Webhooks push real-time event notifications to your server as settlements progress. This is the recommended way to track settlement progress instead of polling for most states.

## How webhooks work

KeyStone's settlement engine dispatches webhooks to all platforms involved in a settlement: each time an engine run advances a settlement and leaves it in a new state, one event fires, named for the state the run ended in. Intermediate states passed through in the same run are skipped, and states written directly by on-chain events or operator actions do not emit their own event - see the [event catalog](/guides/webhook-events) for exactly what fires and how to track the rest.

## Local development

During development, your server runs on `localhost` which KeyStone can't reach. The [KeyStone CLI](/sdks/cli) solves this by forwarding webhooks to your local server:

```bash theme={null}
keystone listen --forward-to http://localhost:3000/webhooks/keystone
```

This creates a temporary endpoint, polls for events, and forwards them to your local server in real-time. No ngrok or tunneling tools needed. See the [CLI documentation](/sdks/cli#webhook-forwarding) for details.

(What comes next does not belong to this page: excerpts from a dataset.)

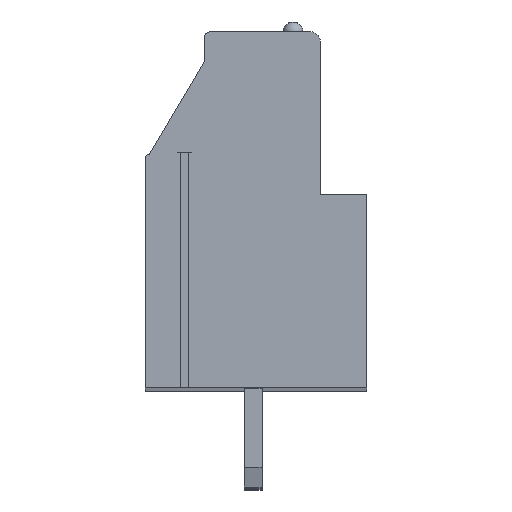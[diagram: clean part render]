
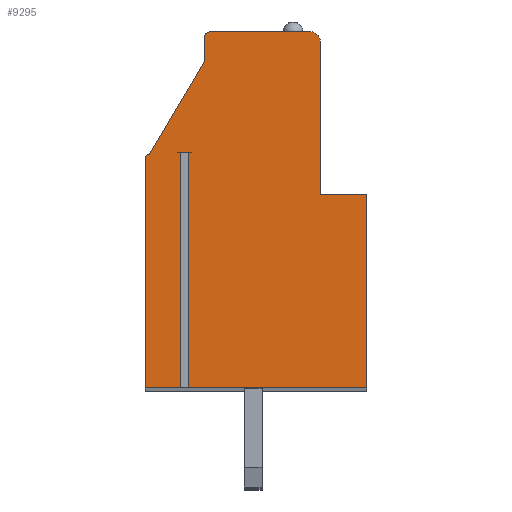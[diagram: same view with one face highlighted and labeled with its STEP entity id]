
A CAD part, top view. The second image highlights one B-rep face of the part: STEP entity #9295.
In plain terms, the highlighted planar face has unit normal (0, 0, 1).
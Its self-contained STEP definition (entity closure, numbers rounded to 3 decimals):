
#30=DIRECTION('',(-1.,0.,0.));
#31=VECTOR('',#30,0.38);
#32=CARTESIAN_POINT('',(-3.27,4.204,88.9));
#33=LINE('',#32,#31);
#34=DIRECTION('',(0.,1.,0.));
#35=VECTOR('',#34,11.9);
#36=CARTESIAN_POINT('',(-3.65,-7.696,88.9));
#37=LINE('',#36,#35);
#38=DIRECTION('',(1.,0.,0.));
#39=VECTOR('',#38,1.81);
#40=CARTESIAN_POINT('',(-5.46,-7.696,88.9));
#41=LINE('',#40,#39);
#42=DIRECTION('',(0.,-1.,0.));
#43=VECTOR('',#42,11.6);
#44=CARTESIAN_POINT('',(-5.46,3.904,88.9));
#45=LINE('',#44,#43);
#46=CARTESIAN_POINT('',(-5.26,3.904,88.9));
#47=DIRECTION('',(0.,0.,1.));
#48=DIRECTION('',(0.,1.,0.));
#49=AXIS2_PLACEMENT_3D('',#46,#47,#48);
#51=DIRECTION('',(-0.512,-0.859,0.));
#52=VECTOR('',#51,5.471);
#53=CARTESIAN_POINT('',(-2.46,8.804,88.9));
#54=LINE('',#53,#52);
#55=DIRECTION('',(0.,-1.,0.));
#56=VECTOR('',#55,1.2);
#57=CARTESIAN_POINT('',(-2.46,10.004,88.9));
#58=LINE('',#57,#56);
#59=CARTESIAN_POINT('',(-2.16,10.004,88.9));
#60=DIRECTION('',(0.,0.,1.));
#61=DIRECTION('',(0.,1.,0.));
#62=AXIS2_PLACEMENT_3D('',#59,#60,#61);
#64=DIRECTION('',(-1.,0.,0.));
#65=VECTOR('',#64,5.05);
#66=CARTESIAN_POINT('',(2.89,10.304,88.9));
#67=LINE('',#66,#65);
#68=CARTESIAN_POINT('',(2.89,9.804,88.9));
#69=DIRECTION('',(0.,0.,1.));
#70=DIRECTION('',(1.,0.,0.));
#71=AXIS2_PLACEMENT_3D('',#68,#69,#70);
#73=DIRECTION('',(0.,1.,0.));
#74=VECTOR('',#73,7.7);
#75=CARTESIAN_POINT('',(3.39,2.104,88.9));
#76=LINE('',#75,#74);
#77=DIRECTION('',(-1.,0.,0.));
#78=VECTOR('',#77,2.35);
#79=CARTESIAN_POINT('',(5.74,2.104,88.9));
#80=LINE('',#79,#78);
#81=DIRECTION('',(0.,1.,0.));
#82=VECTOR('',#81,9.8);
#83=CARTESIAN_POINT('',(5.74,-7.696,88.9));
#84=LINE('',#83,#82);
#85=DIRECTION('',(1.,0.,0.));
#86=VECTOR('',#85,9.01);
#87=CARTESIAN_POINT('',(-3.27,-7.696,88.9));
#88=LINE('',#87,#86);
#89=DIRECTION('',(0.,1.,0.));
#90=VECTOR('',#89,11.9);
#91=CARTESIAN_POINT('',(-3.27,-7.696,88.9));
#92=LINE('',#91,#90);
#7144=CARTESIAN_POINT('',(5.74,-7.696,88.9));
#7145=CARTESIAN_POINT('',(5.74,2.104,88.9));
#7146=VERTEX_POINT('',#7144);
#7147=VERTEX_POINT('',#7145);
#7148=CARTESIAN_POINT('',(3.39,2.104,88.9));
#7149=VERTEX_POINT('',#7148);
#7150=CARTESIAN_POINT('',(3.39,9.804,88.9));
#7151=VERTEX_POINT('',#7150);
#7152=CARTESIAN_POINT('',(2.89,10.304,88.9));
#7153=VERTEX_POINT('',#7152);
#7154=CARTESIAN_POINT('',(-2.16,10.304,88.9));
#7155=VERTEX_POINT('',#7154);
#7156=CARTESIAN_POINT('',(-2.46,10.004,88.9));
#7157=VERTEX_POINT('',#7156);
#7158=CARTESIAN_POINT('',(-2.46,8.804,88.9));
#7159=VERTEX_POINT('',#7158);
#7160=CARTESIAN_POINT('',(-5.26,4.104,88.9));
#7161=VERTEX_POINT('',#7160);
#7162=CARTESIAN_POINT('',(-5.46,3.904,88.9));
#7163=VERTEX_POINT('',#7162);
#7164=CARTESIAN_POINT('',(-5.46,-7.696,88.9));
#7165=VERTEX_POINT('',#7164);
#7246=CARTESIAN_POINT('',(-3.27,4.204,88.9));
#7247=CARTESIAN_POINT('',(-3.65,4.204,88.9));
#7248=VERTEX_POINT('',#7246);
#7249=VERTEX_POINT('',#7247);
#7250=CARTESIAN_POINT('',(-3.27,-7.696,88.9));
#7251=VERTEX_POINT('',#7250);
#7252=CARTESIAN_POINT('',(-3.65,-7.696,88.9));
#7253=VERTEX_POINT('',#7252);
#9258=CARTESIAN_POINT('',(0.,0.,88.9));
#9259=DIRECTION('',(0.,0.,1.));
#9260=DIRECTION('',(1.,0.,0.));
#9261=AXIS2_PLACEMENT_3D('',#9258,#9259,#9260);
#9262=PLANE('',#9261);
#9264=ORIENTED_EDGE('',*,*,#9263,.T.);
#9266=ORIENTED_EDGE('',*,*,#9265,.F.);
#9268=ORIENTED_EDGE('',*,*,#9267,.F.);
#9270=ORIENTED_EDGE('',*,*,#9269,.F.);
#9272=ORIENTED_EDGE('',*,*,#9271,.F.);
#9274=ORIENTED_EDGE('',*,*,#9273,.F.);
#9276=ORIENTED_EDGE('',*,*,#9275,.F.);
#9278=ORIENTED_EDGE('',*,*,#9277,.F.);
#9280=ORIENTED_EDGE('',*,*,#9279,.F.);
#9282=ORIENTED_EDGE('',*,*,#9281,.F.);
#9284=ORIENTED_EDGE('',*,*,#9283,.F.);
#9286=ORIENTED_EDGE('',*,*,#9285,.F.);
#9288=ORIENTED_EDGE('',*,*,#9287,.F.);
#9290=ORIENTED_EDGE('',*,*,#9289,.F.);
#9292=ORIENTED_EDGE('',*,*,#9291,.T.);
#9293=EDGE_LOOP('',(#9264,#9266,#9268,#9270,#9272,#9274,#9276,#9278,#9280,#9282,
#9284,#9286,#9288,#9290,#9292));
#9294=FACE_OUTER_BOUND('',#9293,.F.);
#50=CIRCLE('',#49,0.2);
#63=CIRCLE('',#62,0.3);
#72=CIRCLE('',#71,0.5);
#9263=EDGE_CURVE('',#7248,#7249,#33,.T.);
#9265=EDGE_CURVE('',#7253,#7249,#37,.T.);
#9267=EDGE_CURVE('',#7165,#7253,#41,.T.);
#9269=EDGE_CURVE('',#7163,#7165,#45,.T.);
#9271=EDGE_CURVE('',#7161,#7163,#50,.T.);
#9273=EDGE_CURVE('',#7159,#7161,#54,.T.);
#9275=EDGE_CURVE('',#7157,#7159,#58,.T.);
#9277=EDGE_CURVE('',#7155,#7157,#63,.T.);
#9279=EDGE_CURVE('',#7153,#7155,#67,.T.);
#9281=EDGE_CURVE('',#7151,#7153,#72,.T.);
#9283=EDGE_CURVE('',#7149,#7151,#76,.T.);
#9285=EDGE_CURVE('',#7147,#7149,#80,.T.);
#9287=EDGE_CURVE('',#7146,#7147,#84,.T.);
#9289=EDGE_CURVE('',#7251,#7146,#88,.T.);
#9291=EDGE_CURVE('',#7251,#7248,#92,.T.);
#9295=ADVANCED_FACE('',(#9294),#9262,.T.);

## Setting up a webhook endpoint

### 1. Register the endpoint

Create a webhook endpoint in the [KeyStone Dashboard](https://app.keystoneos.xyz) under **Settings > Webhooks**. You need to provide:

* **URL** - Your HTTPS endpoint that will receive webhook deliveries
* **Event types** - Which events to subscribe to (see patterns below)

The webhook secret is displayed once at creation time. Store it securely - you need it to verify webhook signatures.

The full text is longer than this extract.